Wherein V (S) indicates all application software set, and normal indicates that the application software belongs to normal software, malware
Indicate that the application software belongs to Malware.
After obtaining the vector space of training sample set, it is trained to obtain random forest grader.It will be to be measured soft
Part obtains vector space ν after feature extraction and characteristic processing, and ν at this time is free of normal or malware identifier, with sky
It is white or '? ' its value is replaced, then examined using vector space of the random forest grader of training sample to the software under testing
Classification is surveyed, is in the result normal software or Malware with normal the or malware string representation software under testing, by
This can realize the detection to Malware.

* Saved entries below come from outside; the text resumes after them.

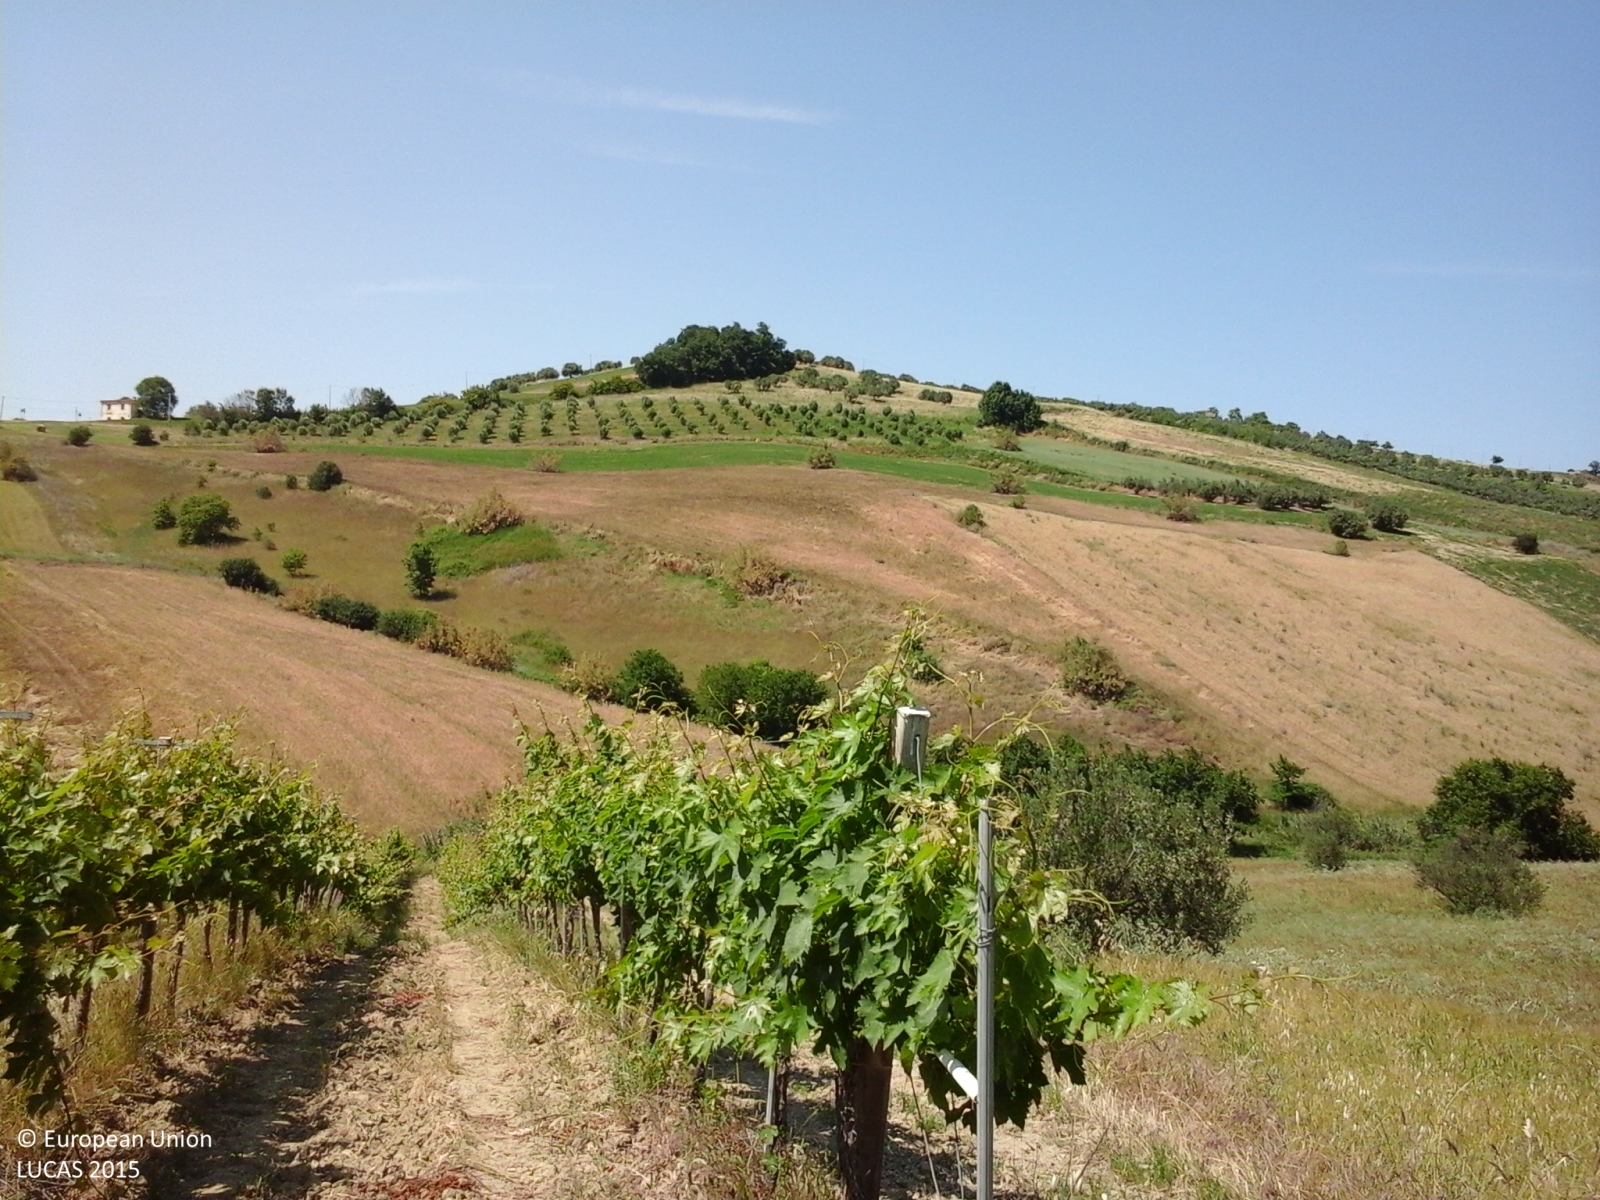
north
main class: Cropland
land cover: Vineyards
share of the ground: > 75 %
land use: Agriculture (excluding fallow land and kitchen gardens)
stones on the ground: < 10 %
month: May
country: IT
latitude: 42.1380
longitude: 14.4990

The present invention utilize inverse compiling technique, to application software sample collection carry out batch decompiling, in file permission and
Api function extracts.In face of higher-dimension permission feature, dimension-reduction treatment is carried out using Apriori algorithm, obtains the frequent 3- of permission
Item collection carries out Feature Selection by information gain, further obtains important feature in conjunction with sensitive API function.By important feature
Be mapped to vector space, indicated with 0 or 1, and normal use and malicious application are marked, finally obtain with it is markd to
Quantity space.Sample set is learnt and classified using random forests algorithm.